Manufacturing & Service Operations Management, 2020, vol. 22, issue 4, 754-774

Abstract: Problem definition: Collaboration is important in services but may lead to interruptions. Professionals exercise discretion on when to preempt individual tasks to switch to collaborative tasks. Academic/practical relevance: Discretionary task switching can introduce changeover times when resuming the preempted task and, thus, can increase total processing time. Methodology: We analyze and quantify how collaboration, through interruptions and discretionary changeovers, affects total processing time.
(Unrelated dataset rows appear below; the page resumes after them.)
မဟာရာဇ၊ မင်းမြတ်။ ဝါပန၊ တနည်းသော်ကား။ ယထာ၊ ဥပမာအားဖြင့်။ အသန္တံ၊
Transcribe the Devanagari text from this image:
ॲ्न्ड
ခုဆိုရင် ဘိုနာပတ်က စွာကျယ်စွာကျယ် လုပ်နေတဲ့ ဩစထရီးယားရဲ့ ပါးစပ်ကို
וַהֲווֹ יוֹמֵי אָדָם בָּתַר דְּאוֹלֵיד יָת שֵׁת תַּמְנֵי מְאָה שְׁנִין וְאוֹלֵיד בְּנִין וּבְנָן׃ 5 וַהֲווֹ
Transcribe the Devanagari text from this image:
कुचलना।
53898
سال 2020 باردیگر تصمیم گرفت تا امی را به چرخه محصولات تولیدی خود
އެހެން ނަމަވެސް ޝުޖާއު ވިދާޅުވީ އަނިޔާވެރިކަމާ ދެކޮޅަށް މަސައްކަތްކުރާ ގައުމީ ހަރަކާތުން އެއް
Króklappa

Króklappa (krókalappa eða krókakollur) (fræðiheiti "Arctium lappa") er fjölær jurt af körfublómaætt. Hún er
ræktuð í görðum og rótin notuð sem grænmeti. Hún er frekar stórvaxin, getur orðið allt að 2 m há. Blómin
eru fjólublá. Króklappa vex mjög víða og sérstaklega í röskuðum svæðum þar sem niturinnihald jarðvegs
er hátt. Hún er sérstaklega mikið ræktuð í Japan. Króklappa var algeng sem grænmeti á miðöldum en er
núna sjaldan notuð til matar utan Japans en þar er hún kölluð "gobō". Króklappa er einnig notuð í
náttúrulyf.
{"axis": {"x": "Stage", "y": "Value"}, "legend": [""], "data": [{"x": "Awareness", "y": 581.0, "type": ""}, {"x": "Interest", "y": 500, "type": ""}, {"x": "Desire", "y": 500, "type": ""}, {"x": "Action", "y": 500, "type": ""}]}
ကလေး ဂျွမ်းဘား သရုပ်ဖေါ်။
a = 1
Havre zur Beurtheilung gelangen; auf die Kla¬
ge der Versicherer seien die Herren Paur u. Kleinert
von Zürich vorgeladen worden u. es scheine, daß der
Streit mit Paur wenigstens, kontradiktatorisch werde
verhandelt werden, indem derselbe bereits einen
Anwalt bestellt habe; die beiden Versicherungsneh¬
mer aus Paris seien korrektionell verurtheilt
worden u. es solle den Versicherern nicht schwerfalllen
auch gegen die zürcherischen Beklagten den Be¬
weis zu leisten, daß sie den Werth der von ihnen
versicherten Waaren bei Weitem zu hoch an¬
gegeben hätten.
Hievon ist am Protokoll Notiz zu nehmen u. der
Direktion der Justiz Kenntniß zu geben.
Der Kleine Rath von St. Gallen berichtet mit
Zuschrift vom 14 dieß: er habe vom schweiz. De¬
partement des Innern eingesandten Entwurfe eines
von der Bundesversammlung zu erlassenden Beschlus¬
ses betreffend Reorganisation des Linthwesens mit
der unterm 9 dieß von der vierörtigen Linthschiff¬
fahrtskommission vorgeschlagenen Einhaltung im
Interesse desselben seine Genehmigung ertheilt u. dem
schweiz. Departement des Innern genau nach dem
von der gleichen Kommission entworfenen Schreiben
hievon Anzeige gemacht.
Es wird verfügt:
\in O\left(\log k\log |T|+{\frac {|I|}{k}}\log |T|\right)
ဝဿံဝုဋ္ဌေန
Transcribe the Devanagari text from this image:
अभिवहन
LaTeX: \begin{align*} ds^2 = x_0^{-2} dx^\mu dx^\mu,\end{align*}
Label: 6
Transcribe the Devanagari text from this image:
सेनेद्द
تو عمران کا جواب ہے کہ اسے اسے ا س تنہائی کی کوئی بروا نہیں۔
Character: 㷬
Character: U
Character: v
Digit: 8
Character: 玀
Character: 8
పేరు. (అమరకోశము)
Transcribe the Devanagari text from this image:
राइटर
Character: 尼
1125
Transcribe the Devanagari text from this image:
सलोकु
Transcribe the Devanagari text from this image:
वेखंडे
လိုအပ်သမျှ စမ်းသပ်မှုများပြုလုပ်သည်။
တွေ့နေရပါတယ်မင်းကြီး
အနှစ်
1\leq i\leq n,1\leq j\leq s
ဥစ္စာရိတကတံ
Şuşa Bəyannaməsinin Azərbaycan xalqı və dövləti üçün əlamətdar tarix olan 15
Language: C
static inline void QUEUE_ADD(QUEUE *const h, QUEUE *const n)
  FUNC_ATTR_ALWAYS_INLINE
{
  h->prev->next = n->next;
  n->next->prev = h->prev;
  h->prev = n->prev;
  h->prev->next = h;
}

We introduce an episodal workflow model that captures the interruption and discretionary changeover dynamics—each switch and the episode of work it preempts—present in settings in which collaboration and multitasking is paramount. A simulation study provides evidence that changeover times are properly identified and estimated without bias. We then deploy the model in a field study of hospital medicine physicians: “hospitalists.” The hospitalist workflow includes visiting patients, consulting with other caregivers to guide patient diagnosis and treatment, and documenting in the patient’s medical chart. The empirical analysis uses a data set assembled from direct observation of hospitalist activity and pager-log data. Results: We estimate that a hospitalist incurs a total changeover time during documentation of five minutes per patient per day. Managerial implications: This estimate represents a significant 20% of the total processing time per patient: caring for 14 patients per day, our model estimates that a hospitalist spends more than one hour each day on changeovers. This provides evidence that task switching can causally lead to longer documentation time.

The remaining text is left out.